The GI tract is designed to break down proteins and peptides into individual amino acids for absorption. Peptidases (trypsin, chymotrypsin, pepsin, brush-border enzymes) cleave most peptides within minutes of ingestion. Even if a peptide survives the stomach, the intestinal wall has poor permeability for molecules above 500 Da. Oral bioavailability for most research peptides is under 1%.
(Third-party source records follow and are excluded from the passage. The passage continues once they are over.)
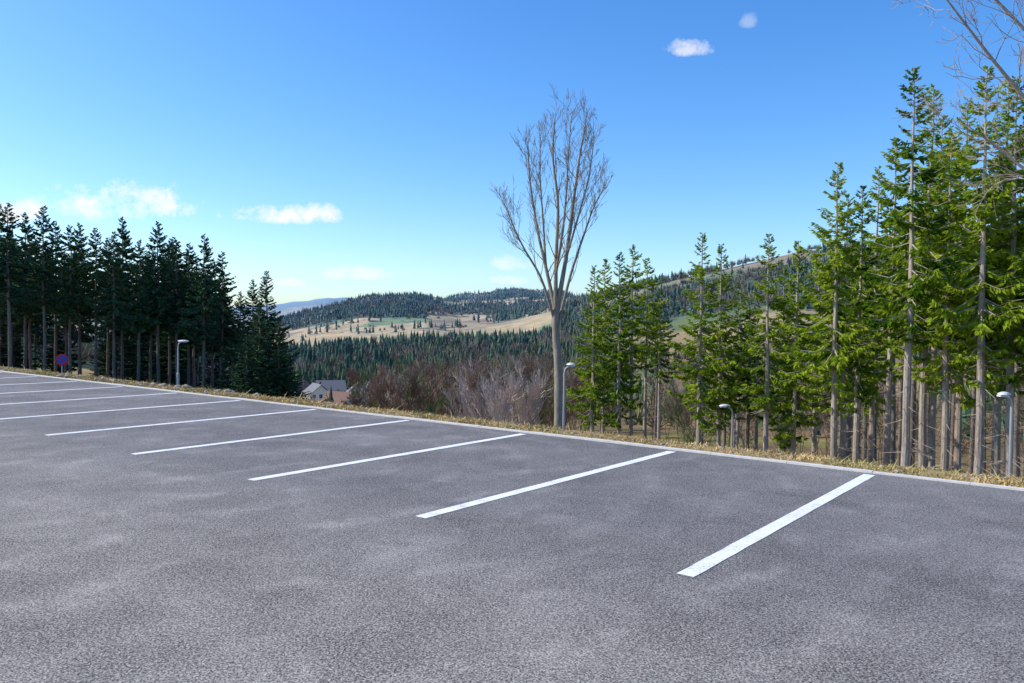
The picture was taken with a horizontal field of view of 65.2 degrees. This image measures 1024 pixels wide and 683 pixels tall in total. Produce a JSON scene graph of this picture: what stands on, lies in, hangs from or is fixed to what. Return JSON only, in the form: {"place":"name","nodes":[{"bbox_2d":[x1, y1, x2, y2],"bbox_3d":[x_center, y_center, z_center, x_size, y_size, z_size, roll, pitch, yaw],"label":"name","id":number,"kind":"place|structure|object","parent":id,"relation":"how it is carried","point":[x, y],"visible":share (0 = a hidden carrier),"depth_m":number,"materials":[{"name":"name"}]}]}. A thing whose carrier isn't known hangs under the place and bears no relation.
{"place":"outdoors","nodes":[
{"label":"outdoors","id":0,"kind":"place"},
{"bbox_2d":[0,372,1023,682],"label":"parking lot asphalt","id":1,"kind":"structure","parent":0,"point":[120,562],"depth_m":5.77,"materials":[{"name":"grey asphalt"}]},
{"bbox_2d":[0,372,874,576],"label":"parking bay lines","id":2,"kind":"object","parent":1,"relation":"on","point":[702,565],"visible":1,"depth_m":8.51,"materials":[{"name":"paint"}]},
{"bbox_2d":[0,371,1023,490],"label":"concrete kerb","id":3,"kind":"structure","parent":1,"relation":"on","point":[781,461],"depth_m":11.39,"materials":[{"name":"grey concrete"}]},
{"bbox_2d":[0,0,1023,306],"label":"sky","id":4,"kind":"structure","parent":0,"point":[328,148],"materials":[{"name":"blue"}]},
{"bbox_2d":[8,250,1022,478],"bbox_3d":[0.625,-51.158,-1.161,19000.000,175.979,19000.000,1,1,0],"label":"terrain","id":5,"kind":"structure","parent":0,"point":[537,322],"depth_m":870.62,"materials":[{"name":"plant"}]},
{"bbox_2d":[1,233,36,358],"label":"spruce tree","id":6,"kind":"object","parent":5,"relation":"on","point":[3,315],"visible":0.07,"depth_m":66.33,"materials":[{"name":"green plant"}]},
{"bbox_2d":[0,203,38,366],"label":"spruce tree","id":7,"kind":"object","parent":5,"relation":"on","point":[12,295],"visible":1,"depth_m":51.84,"materials":[{"name":"green plant"}]},
{"bbox_2d":[1,323,39,369],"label":"spruce tree","id":8,"kind":"object","parent":5,"relation":"on","point":[16,352],"visible":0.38,"depth_m":69.60,"materials":[{"name":"green plant"}]},
{"bbox_2d":[3,247,42,369],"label":"spruce tree","id":9,"kind":"object","parent":5,"relation":"on","point":[37,316],"visible":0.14,"depth_m":64.94,"materials":[{"name":"green plant"}]},
{"bbox_2d":[0,212,47,368],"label":"spruce tree","id":10,"kind":"object","parent":5,"relation":"on","point":[23,310],"visible":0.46,"depth_m":57.79,"materials":[{"name":"green plant"}]},
{"bbox_2d":[18,250,47,368],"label":"spruce tree","id":11,"kind":"object","parent":5,"relation":"on","point":[32,328],"visible":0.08,"depth_m":72.64,"materials":[{"name":"green plant"}]},
{"bbox_2d":[21,259,58,370],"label":"spruce tree","id":12,"kind":"object","parent":5,"relation":"on","point":[39,341],"visible":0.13,"depth_m":85.29,"materials":[{"name":"green plant"}]},
{"bbox_2d":[31,256,53,369],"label":"spruce tree","id":13,"kind":"object","parent":5,"relation":"on","point":[40,327],"visible":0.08,"depth_m":78.49,"materials":[{"name":"green plant"}]},
{"bbox_2d":[17,205,78,370],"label":"spruce tree","id":14,"kind":"object","parent":5,"relation":"on","point":[43,273],"visible":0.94,"depth_m":54.77,"materials":[{"name":"green plant"}]},
{"bbox_2d":[35,221,71,371],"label":"spruce tree","id":15,"kind":"object","parent":5,"relation":"on","point":[51,239],"visible":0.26,"depth_m":61.80,"materials":[{"name":"green plant"}]},
{"bbox_2d":[32,327,77,372],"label":"spruce tree","id":16,"kind":"object","parent":5,"relation":"on","point":[50,361],"visible":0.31,"depth_m":70.45,"materials":[{"name":"green plant"}]},
{"bbox_2d":[35,326,86,372],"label":"spruce tree","id":17,"kind":"object","parent":5,"relation":"on","point":[75,356],"visible":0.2,"depth_m":74.41,"materials":[{"name":"green plant"}]},
{"bbox_2d":[42,266,86,372],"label":"spruce tree","id":18,"kind":"object","parent":5,"relation":"on","point":[66,337],"visible":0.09,"depth_m":66.56,"materials":[{"name":"green plant"}]},
{"bbox_2d":[44,225,97,373],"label":"spruce tree","id":19,"kind":"object","parent":5,"relation":"on","point":[69,314],"visible":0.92,"depth_m":55.82,"materials":[{"name":"green plant"}]},
{"bbox_2d":[57,222,103,374],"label":"spruce tree","id":20,"kind":"object","parent":5,"relation":"on","point":[84,312],"visible":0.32,"depth_m":59.82,"materials":[{"name":"green plant"}]},
{"bbox_2d":[58,241,106,374],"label":"spruce tree","id":21,"kind":"object","parent":5,"relation":"on","point":[84,336],"visible":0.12,"depth_m":73.88,"materials":[{"name":"green plant"}]},
{"bbox_2d":[72,228,118,376],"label":"spruce tree","id":22,"kind":"object","parent":5,"relation":"on","point":[94,292],"visible":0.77,"depth_m":56.63,"materials":[{"name":"green plant"}]},
{"bbox_2d":[91,237,120,377],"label":"spruce tree","id":23,"kind":"object","parent":5,"relation":"on","point":[108,342],"visible":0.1,"depth_m":62.88,"materials":[{"name":"green plant"}]},
{"bbox_2d":[90,331,135,380],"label":"spruce tree","id":24,"kind":"object","parent":5,"relation":"on","point":[101,355],"visible":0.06,"depth_m":79.46,"materials":[{"name":"green plant"}]},
{"bbox_2d":[88,217,145,379],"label":"spruce tree","id":25,"kind":"object","parent":5,"relation":"on","point":[124,251],"visible":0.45,"depth_m":59.84,"materials":[{"name":"green plant"}]},
{"bbox_2d":[86,231,149,378],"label":"spruce tree","id":26,"kind":"object","parent":5,"relation":"on","point":[116,284],"visible":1,"depth_m":55.80,"materials":[{"name":"green plant"}]},
{"bbox_2d":[98,296,148,378],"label":"spruce tree","id":27,"kind":"object","parent":5,"relation":"on","point":[118,336],"visible":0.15,"depth_m":75.46,"materials":[{"name":"green plant"}]},
{"bbox_2d":[115,239,162,381],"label":"spruce tree","id":28,"kind":"object","parent":5,"relation":"on","point":[139,328],"visible":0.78,"depth_m":56.92,"materials":[{"name":"green plant"}]},
{"bbox_2d":[111,324,167,381],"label":"spruce tree","id":29,"kind":"object","parent":5,"relation":"on","point":[132,364],"visible":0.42,"depth_m":65.99,"materials":[{"name":"green plant"}]},
{"bbox_2d":[129,248,166,382],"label":"spruce tree","id":30,"kind":"object","parent":5,"relation":"on","point":[150,333],"visible":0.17,"depth_m":61.97,"materials":[{"name":"green plant"}]},
{"bbox_2d":[132,221,181,383],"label":"spruce tree","id":31,"kind":"object","parent":5,"relation":"on","point":[161,300],"visible":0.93,"depth_m":57.50,"materials":[{"name":"green plant"}]},
{"bbox_2d":[150,238,191,384],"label":"spruce tree","id":32,"kind":"object","parent":5,"relation":"on","point":[170,242],"visible":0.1,"depth_m":64.05,"materials":[{"name":"green plant"}]},
{"bbox_2d":[154,239,196,384],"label":"spruce tree","id":33,"kind":"object","parent":5,"relation":"on","point":[174,305],"visible":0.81,"depth_m":58.60,"materials":[{"name":"green plant"}]},
{"bbox_2d":[146,328,206,387],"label":"spruce tree","id":34,"kind":"object","parent":5,"relation":"on","point":[165,358],"visible":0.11,"depth_m":67.44,"materials":[{"name":"green plant"}]},
{"bbox_2d":[148,335,208,385],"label":"spruce tree","id":35,"kind":"object","parent":5,"relation":"on","point":[165,347],"visible":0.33,"depth_m":67.45,"materials":[{"name":"green plant"}]},
{"bbox_2d":[165,242,206,385],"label":"spruce tree","id":36,"kind":"object","parent":5,"relation":"on","point":[189,317],"visible":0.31,"depth_m":60.88,"materials":[{"name":"green plant"}]},
{"bbox_2d":[180,270,207,387],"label":"spruce tree","id":37,"kind":"object","parent":5,"relation":"on","point":[193,368],"visible":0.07,"depth_m":66.53,"materials":[{"name":"green plant"}]},
{"bbox_2d":[179,297,210,387],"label":"spruce tree","id":38,"kind":"object","parent":5,"relation":"on","point":[198,353],"visible":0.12,"depth_m":68.63,"materials":[{"name":"green plant"}]},
{"bbox_2d":[170,234,225,388],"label":"spruce tree","id":39,"kind":"object","parent":5,"relation":"on","point":[194,325],"visible":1,"depth_m":56.77,"materials":[{"name":"green plant"}]},
{"bbox_2d":[193,259,236,388],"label":"spruce tree","id":40,"kind":"object","parent":5,"relation":"on","point":[214,349],"visible":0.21,"depth_m":61.96,"materials":[{"name":"green plant"}]},
{"bbox_2d":[199,351,232,389],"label":"spruce tree","id":41,"kind":"object","parent":5,"relation":"on","point":[216,372],"visible":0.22,"depth_m":78.24,"materials":[{"name":"green plant"}]},
{"bbox_2d":[206,251,248,389],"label":"spruce tree","id":42,"kind":"object","parent":5,"relation":"on","point":[221,340],"visible":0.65,"depth_m":59.81,"materials":[{"name":"green plant"}]},
{"bbox_2d":[213,291,248,389],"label":"spruce tree","id":43,"kind":"object","parent":5,"relation":"on","point":[232,355],"visible":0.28,"depth_m":59.71,"materials":[{"name":"green plant"}]},
{"bbox_2d":[221,336,270,395],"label":"spruce tree","id":44,"kind":"object","parent":5,"relation":"on","point":[242,377],"visible":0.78,"depth_m":49.90,"materials":[{"name":"green plant"}]},
{"bbox_2d":[221,279,274,389],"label":"spruce tree","id":45,"kind":"object","parent":5,"relation":"on","point":[249,312],"visible":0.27,"depth_m":56.73,"materials":[{"name":"green plant"}]},
{"bbox_2d":[231,303,296,394],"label":"spruce tree","id":46,"kind":"object","parent":5,"relation":"on","point":[261,353],"visible":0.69,"depth_m":51.88,"materials":[{"name":"green plant"}]},
{"bbox_2d":[242,271,298,396],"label":"spruce tree","id":47,"kind":"object","parent":5,"relation":"on","point":[264,293],"visible":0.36,"depth_m":54.04,"materials":[{"name":"green plant"}]},
{"bbox_2d":[256,320,311,397],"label":"spruce tree","id":48,"kind":"object","parent":5,"relation":"on","point":[285,390],"visible":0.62,"depth_m":52.85,"materials":[{"name":"green plant"}]},
{"bbox_2d":[276,357,308,399],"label":"spruce tree","id":49,"kind":"object","parent":5,"relation":"on","point":[295,379],"visible":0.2,"depth_m":54.12,"materials":[{"name":"green plant"}]},
{"bbox_2d":[0,365,1023,487],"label":"grass verge","id":50,"kind":"object","parent":5,"relation":"on","point":[745,452],"depth_m":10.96,"materials":[{"name":"plant"}]},
{"bbox_2d":[0,367,1007,479],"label":"rubble stones","id":51,"kind":"object","parent":50,"relation":"on","point":[229,390],"visible":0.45,"depth_m":18.79,"materials":[{"name":"grey stone"}]},
{"bbox_2d":[21,237,1023,440],"bbox_3d":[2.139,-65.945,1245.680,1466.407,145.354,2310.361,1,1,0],"label":"distant forest","id":52,"kind":"object","parent":5,"relation":"on","point":[314,363],"visible":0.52,"depth_m":632.28,"materials":[{"name":"green plant"}]},
{"bbox_2d":[491,81,613,428],"bbox_3d":[1.115,-1.240,21.907,3.543,11.733,2.384,1,1,0],"label":"bare ash tree","id":53,"kind":"object","parent":5,"relation":"on","point":[556,297],"visible":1,"depth_m":21.90,"materials":[{"name":"brown plant"}]},
{"bbox_2d":[562,363,575,428],"bbox_3d":[1.888,3.375,27.083,0.445,5.326,0.280,1,1,0],"label":"street lamp","id":54,"kind":"object","parent":5,"relation":"on","point":[568,366],"visible":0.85,"depth_m":27.02,"materials":[{"name":"metal"}]},
{"bbox_2d":[565,265,616,431],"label":"spruce tree","id":55,"kind":"object","parent":5,"relation":"on","point":[588,372],"visible":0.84,"depth_m":40.06,"materials":[{"name":"green plant"}]},
{"bbox_2d":[573,259,626,431],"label":"spruce tree","id":56,"kind":"object","parent":5,"relation":"on","point":[603,407],"visible":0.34,"depth_m":41.90,"materials":[{"name":"green plant"}]},
{"bbox_2d":[589,252,652,433],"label":"spruce tree","id":57,"kind":"object","parent":5,"relation":"on","point":[617,394],"visible":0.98,"depth_m":38.92,"materials":[{"name":"green plant"}]},
{"bbox_2d":[601,244,657,435],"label":"spruce tree","id":58,"kind":"object","parent":5,"relation":"on","point":[627,374],"visible":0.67,"depth_m":40.00,"materials":[{"name":"green plant"}]},
{"bbox_2d":[628,258,672,437],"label":"spruce tree","id":59,"kind":"object","parent":5,"relation":"on","point":[655,328],"visible":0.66,"depth_m":42.91,"materials":[{"name":"green plant"}]},
{"bbox_2d":[642,306,668,439],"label":"spruce tree","id":60,"kind":"object","parent":5,"relation":"on","point":[656,403],"visible":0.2,"depth_m":57.36,"materials":[{"name":"green plant"}]},
{"bbox_2d":[299,345,1023,464],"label":"broadleaf thicket","id":61,"kind":"object","parent":5,"relation":"on","point":[521,392],"visible":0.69,"depth_m":64.09,"materials":[{"name":"brown plant"}]},
{"bbox_2d":[644,288,681,440],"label":"spruce tree","id":62,"kind":"object","parent":5,"relation":"on","point":[659,363],"visible":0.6,"depth_m":46.02,"materials":[{"name":"green plant"}]},
{"bbox_2d":[666,232,739,443],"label":"spruce tree","id":63,"kind":"object","parent":5,"relation":"on","point":[707,360],"visible":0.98,"depth_m":33.76,"materials":[{"name":"green plant"}]},
{"bbox_2d":[680,243,753,445],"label":"spruce tree","id":64,"kind":"object","parent":5,"relation":"on","point":[723,281],"visible":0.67,"depth_m":35.05,"materials":[{"name":"green plant"}]},
{"bbox_2d":[706,315,742,446],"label":"spruce tree","id":65,"kind":"object","parent":5,"relation":"on","point":[726,424],"visible":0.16,"depth_m":36.83,"materials":[{"name":"green plant"}]},
{"bbox_2d":[722,281,762,447],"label":"spruce tree","id":66,"kind":"object","parent":5,"relation":"on","point":[753,374],"visible":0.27,"depth_m":44.89,"materials":[{"name":"green plant"}]},
{"bbox_2d":[723,307,764,449],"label":"spruce tree","id":67,"kind":"object","parent":5,"relation":"on","point":[747,379],"visible":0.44,"depth_m":36.52,"materials":[{"name":"green plant"}]},
{"bbox_2d":[735,305,776,450],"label":"spruce tree","id":68,"kind":"object","parent":5,"relation":"on","point":[756,380],"visible":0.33,"depth_m":42.35,"materials":[{"name":"green plant"}]},
{"bbox_2d":[733,233,810,451],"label":"spruce tree","id":69,"kind":"object","parent":5,"relation":"on","point":[772,372],"visible":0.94,"depth_m":30.97,"materials":[{"name":"green plant"}]},
{"bbox_2d":[748,266,819,453],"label":"spruce tree","id":70,"kind":"object","parent":5,"relation":"on","point":[783,415],"visible":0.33,"depth_m":35.82,"materials":[{"name":"green plant"}]},
{"bbox_2d":[761,240,840,454],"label":"spruce tree","id":71,"kind":"object","parent":5,"relation":"on","point":[793,399],"visible":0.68,"depth_m":33.01,"materials":[{"name":"green plant"}]},
{"bbox_2d":[797,245,847,455],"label":"spruce tree","id":72,"kind":"object","parent":5,"relation":"on","point":[814,430],"visible":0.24,"depth_m":36.92,"materials":[{"name":"green plant"}]},
{"bbox_2d":[781,162,877,459],"bbox_3d":[11.023,1.367,27.813,3.335,15.206,2.896,1,1,6],"label":"spruce tree","id":73,"kind":"object","parent":5,"relation":"on","point":[838,361],"visible":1,"depth_m":27.82,"materials":[{"name":"green plant"}]},
{"bbox_2d":[803,193,878,459],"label":"spruce tree","id":74,"kind":"object","parent":5,"relation":"on","point":[842,377],"visible":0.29,"depth_m":33.01,"materials":[{"name":"green plant"}]},
{"bbox_2d":[807,185,895,462],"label":"spruce tree","id":75,"kind":"object","parent":5,"relation":"on","point":[861,390],"visible":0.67,"depth_m":28.87,"materials":[{"name":"green plant"}]},
{"bbox_2d":[837,279,865,460],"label":"spruce tree","id":76,"kind":"object","parent":5,"relation":"on","point":[848,442],"visible":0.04,"depth_m":44.24,"materials":[{"name":"brown plant"}]},
{"bbox_2d":[842,253,884,463],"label":"spruce tree","id":77,"kind":"object","parent":5,"relation":"on","point":[864,445],"visible":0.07,"depth_m":40.89,"materials":[{"name":"brown plant"}]},
{"bbox_2d":[832,165,914,464],"bbox_3d":[15.225,1.864,34.191,3.392,18.630,3.557,0,1,-9],"label":"spruce tree","id":78,"kind":"object","parent":5,"relation":"on","point":[871,409],"visible":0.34,"depth_m":33.95,"materials":[{"name":"green plant"}]},
{"bbox_2d":[862,241,900,463],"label":"spruce tree","id":79,"kind":"object","parent":5,"relation":"on","point":[875,438],"visible":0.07,"depth_m":45.24,"materials":[{"name":"green plant"}]},
{"bbox_2d":[854,137,923,465],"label":"spruce tree","id":80,"kind":"object","parent":5,"relation":"on","point":[887,202],"visible":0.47,"depth_m":30.86,"materials":[{"name":"green plant"}]},
{"bbox_2d":[877,196,903,462],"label":"spruce tree","id":81,"kind":"object","parent":5,"relation":"on","point":[884,394],"visible":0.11,"depth_m":53.61,"materials":[{"name":"green plant"}]},
{"bbox_2d":[875,217,914,465],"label":"spruce tree","id":82,"kind":"object","parent":5,"relation":"on","point":[893,433],"visible":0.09,"depth_m":44.47,"materials":[{"name":"green plant"}]},
{"bbox_2d":[895,219,917,465],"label":"spruce tree","id":83,"kind":"object","parent":5,"relation":"on","point":[900,426],"visible":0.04,"depth_m":57.89,"materials":[{"name":"brown plant"}]},
{"bbox_2d":[896,235,928,466],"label":"spruce tree","id":84,"kind":"object","parent":5,"relation":"on","point":[912,407],"visible":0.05,"depth_m":48.50,"materials":[{"name":"brown plant"}]},
{"bbox_2d":[859,66,976,466],"bbox_3d":[12.154,-0.072,24.448,2.999,16.534,3.032,0,2,-38],"label":"spruce tree","id":85,"kind":"object","parent":5,"relation":"on","point":[913,292],"visible":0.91,"depth_m":24.29,"materials":[{"name":"green plant"}]},
{"bbox_2d":[873,83,973,469],"bbox_3d":[13.401,0.358,26.117,3.268,17.288,3.426,2,2,40],"label":"spruce tree","id":86,"kind":"object","parent":5,"relation":"on","point":[923,405],"visible":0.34,"depth_m":25.84,"materials":[{"name":"green plant"}]},
{"bbox_2d":[914,159,954,468],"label":"spruce tree","id":87,"kind":"object","parent":5,"relation":"on","point":[928,408],"visible":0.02,"depth_m":48.71,"materials":[{"name":"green plant"}]},
{"bbox_2d":[888,114,981,469],"bbox_3d":[15.297,1.115,28.841,2.728,18.517,2.933,0,2,-32],"label":"spruce tree","id":88,"kind":"object","parent":5,"relation":"on","point":[931,436],"visible":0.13,"depth_m":28.93,"materials":[{"name":"green plant"}]},
{"bbox_2d":[889,130,993,470],"bbox_3d":[13.543,1.099,25.136,2.888,15.338,2.921,1,1,-4],"label":"spruce tree","id":89,"kind":"object","parent":5,"relation":"on","point":[944,377],"visible":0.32,"depth_m":25.06,"materials":[{"name":"green plant"}]},
{"bbox_2d":[936,178,969,466],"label":"spruce tree","id":90,"kind":"object","parent":5,"relation":"on","point":[950,400],"depth_m":56.96,"materials":[{"name":"brown plant"}]},
{"bbox_2d":[935,168,973,470],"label":"spruce tree","id":91,"kind":"object","parent":5,"relation":"on","point":[951,457],"visible":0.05,"depth_m":41.43,"materials":[{"name":"green plant"}]},
{"bbox_2d":[891,0,1023,224],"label":"bare tree","id":92,"kind":"object","parent":5,"relation":"on","point":[1016,88],"visible":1,"depth_m":12.00,"materials":[{"name":"brown plant"}]},
{"bbox_2d":[918,97,1004,473],"bbox_3d":[16.954,1.013,29.956,3.704,20.205,3.533,1,1,26],"label":"spruce tree","id":93,"kind":"object","parent":5,"relation":"on","point":[960,391],"visible":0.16,"depth_m":29.78,"materials":[{"name":"green plant"}]},
{"bbox_2d":[912,65,1023,474],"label":"spruce tree","id":94,"kind":"object","parent":5,"relation":"on","point":[978,327],"visible":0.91,"depth_m":23.28,"materials":[{"name":"green plant"}]},
{"bbox_2d":[961,245,976,472],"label":"spruce tree","id":95,"kind":"object","parent":5,"relation":"on","point":[971,452],"visible":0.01,"depth_m":50.11,"materials":[{"name":"brown plant"}]},
{"bbox_2d":[964,165,1006,474],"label":"spruce tree","id":96,"kind":"object","parent":5,"relation":"on","point":[984,455],"visible":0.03,"depth_m":49.03,"materials":[{"name":"brown plant"}]},
{"bbox_2d":[948,74,1023,476],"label":"spruce tree","id":97,"kind":"object","parent":5,"relation":"on","point":[1011,383],"visible":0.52,"depth_m":24.01,"materials":[{"name":"green plant"}]},
{"bbox_2d":[955,79,1023,476],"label":"spruce tree","id":98,"kind":"object","parent":5,"relation":"on","point":[996,418],"visible":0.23,"depth_m":24.87,"materials":[{"name":"green plant"}]},
{"bbox_2d":[970,107,1023,467],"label":"spruce tree","id":99,"kind":"object","parent":5,"relation":"on","point":[1019,171],"visible":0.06,"depth_m":25.96,"materials":[{"name":"green plant"}]},
{"bbox_2d":[997,392,1012,477],"bbox_3d":[12.335,3.961,20.092,0.425,5.413,0.280,1,1,0],"label":"street lamp","id":100,"kind":"object","parent":5,"relation":"on","point":[1003,394],"visible":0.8,"depth_m":20.03,"materials":[{"name":"metal"}]},
{"bbox_2d":[1001,174,1023,466],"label":"spruce tree","id":101,"kind":"object","parent":5,"relation":"on","point":[1016,260],"visible":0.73,"depth_m":23.07,"materials":[{"name":"green plant"}]},
{"bbox_2d":[1001,204,1023,478],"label":"spruce tree","id":102,"kind":"object","parent":5,"relation":"on","point":[1016,438],"visible":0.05,"depth_m":46.40,"materials":[{"name":"brown plant"}]},
{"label":"walls","id":103,"kind":"object","parent":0,"visible":0},
{"bbox_2d":[320,391,352,403],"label":"roof","id":104,"kind":"structure","parent":103,"relation":"attached to","point":[338,396],"depth_m":238.89,"materials":[{"name":"tile"}]},
{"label":"walls","id":105,"kind":"object","parent":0,"visible":0},
{"bbox_2d":[316,380,346,390],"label":"roof","id":106,"kind":"structure","parent":105,"relation":"attached to","point":[340,385],"depth_m":273.94,"materials":[{"name":"stone"}]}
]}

Is there any peptide that works orally?
A few exceptions exist. Semaglutide (Ozempic/Rybelsus) achieves 0.4–1% oral bioavailability using SNAC (sodium N-(8-[2-hydroxybenzoyl]amino)caprylate), an absorption enhancer that transiently alters gastric pH and membrane permeability. BPC-157 shows oral activity in rodent models but human oral bioavailability data are absent. MK-677 is often grouped with peptides but is actually a small-molecule GH secretagogue with ~60–80% oral BA.